### What is needed:
Print the entries below again exactly as they stand, but skip any picture.

### Listed records:
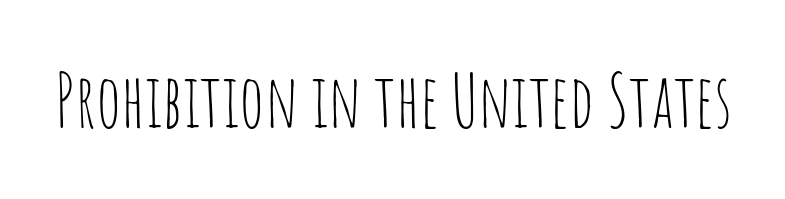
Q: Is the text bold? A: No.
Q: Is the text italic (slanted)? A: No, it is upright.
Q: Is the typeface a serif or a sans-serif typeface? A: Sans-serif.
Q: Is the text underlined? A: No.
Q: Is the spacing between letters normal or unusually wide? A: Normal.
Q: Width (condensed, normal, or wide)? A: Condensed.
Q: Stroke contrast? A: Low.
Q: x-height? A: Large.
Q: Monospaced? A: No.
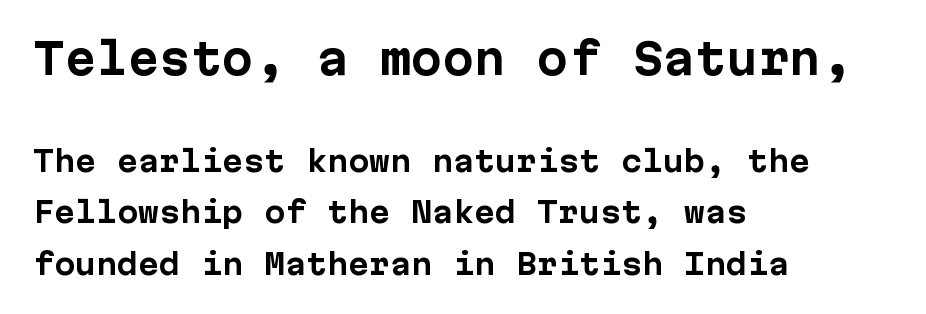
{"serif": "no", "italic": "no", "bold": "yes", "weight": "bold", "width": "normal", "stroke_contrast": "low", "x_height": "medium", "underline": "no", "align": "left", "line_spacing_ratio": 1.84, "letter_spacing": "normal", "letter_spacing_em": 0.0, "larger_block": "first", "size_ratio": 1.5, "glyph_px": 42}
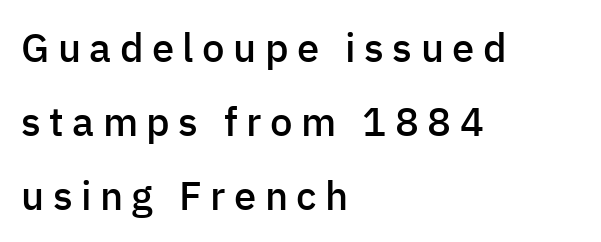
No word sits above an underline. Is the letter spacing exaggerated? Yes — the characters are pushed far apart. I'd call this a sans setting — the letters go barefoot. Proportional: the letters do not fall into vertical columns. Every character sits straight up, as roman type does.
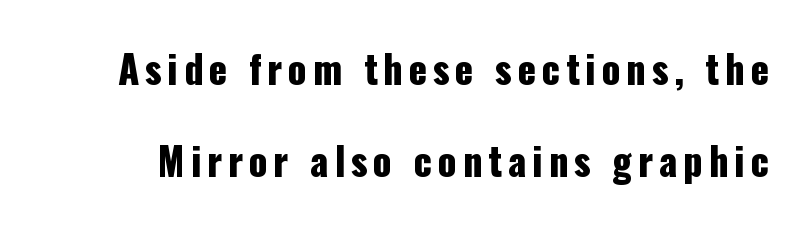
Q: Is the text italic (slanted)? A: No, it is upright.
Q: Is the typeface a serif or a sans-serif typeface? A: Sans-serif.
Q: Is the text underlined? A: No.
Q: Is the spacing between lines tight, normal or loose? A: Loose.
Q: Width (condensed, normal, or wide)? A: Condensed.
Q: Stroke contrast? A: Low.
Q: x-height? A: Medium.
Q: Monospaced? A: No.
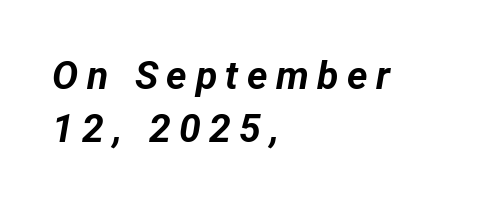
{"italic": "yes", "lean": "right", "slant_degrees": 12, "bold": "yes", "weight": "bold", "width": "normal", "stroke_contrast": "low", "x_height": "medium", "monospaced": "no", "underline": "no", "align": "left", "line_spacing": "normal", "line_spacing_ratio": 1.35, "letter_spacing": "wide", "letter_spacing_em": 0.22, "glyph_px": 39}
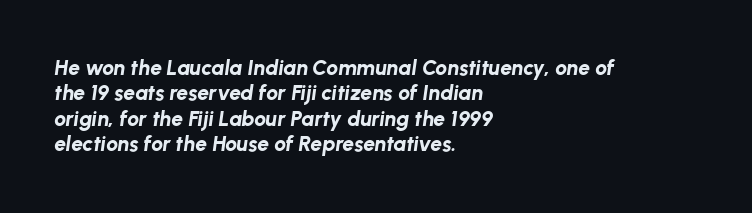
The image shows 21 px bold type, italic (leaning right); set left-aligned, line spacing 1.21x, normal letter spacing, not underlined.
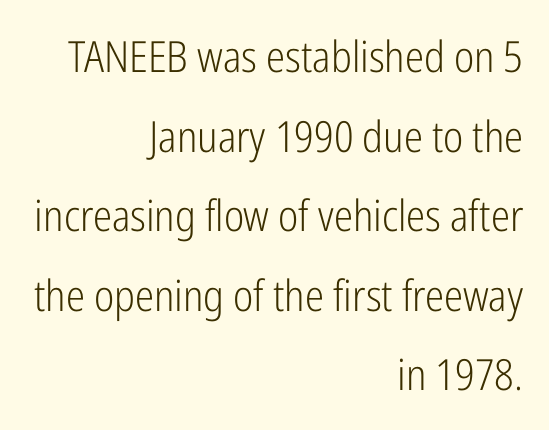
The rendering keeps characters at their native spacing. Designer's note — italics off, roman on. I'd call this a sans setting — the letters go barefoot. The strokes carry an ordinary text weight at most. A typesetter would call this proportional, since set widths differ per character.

### The completed task:
Q: Is the text bold? A: No.
Q: Is the text italic (slanted)? A: No, it is upright.
Q: Is the typeface a serif or a sans-serif typeface? A: Sans-serif.
Q: Is the text underlined? A: No.
Q: Is the spacing between letters normal or unusually wide? A: Normal.
Q: Width (condensed, normal, or wide)? A: Condensed.
Q: Stroke contrast? A: Low.
Q: x-height? A: Large.
Q: Monospaced? A: No.
{"serif": "no", "italic": "no", "bold": "yes", "weight": "bold", "width": "normal", "stroke_contrast": "low", "x_height": "medium", "underline": "no", "align": "left", "line_spacing_ratio": 1.84, "letter_spacing": "normal", "letter_spacing_em": 0.0, "larger_block": "first", "size_ratio": 1.5, "glyph_px": 42}
No word sits above an underline. Is the letter spacing exaggerated? Yes — the characters are pushed far apart. I'd call this a sans setting — the letters go barefoot. Proportional: the letters do not fall into vertical columns. Every character sits straight up, as roman type does.
Q: Is the text italic (slanted)? A: No, it is upright.
Q: Is the typeface a serif or a sans-serif typeface? A: Sans-serif.
Q: Is the text underlined? A: No.
Q: Is the spacing between lines tight, normal or loose? A: Loose.
Q: Width (condensed, normal, or wide)? A: Condensed.
Q: Stroke contrast? A: Low.
Q: x-height? A: Medium.
Q: Monospaced? A: No.
{"italic": "yes", "lean": "right", "slant_degrees": 12, "bold": "yes", "weight": "bold", "width": "normal", "stroke_contrast": "low", "x_height": "medium", "monospaced": "no", "underline": "no", "align": "left", "line_spacing": "normal", "line_spacing_ratio": 1.35, "letter_spacing": "wide", "letter_spacing_em": 0.22, "glyph_px": 39}
The image shows 21 px bold type, italic (leaning right); set left-aligned, line spacing 1.21x, normal letter spacing, not underlined.
The rendering keeps characters at their native spacing. Designer's note — italics off, roman on. I'd call this a sans setting — the letters go barefoot. The strokes carry an ordinary text weight at most. A typesetter would call this proportional, since set widths differ per character.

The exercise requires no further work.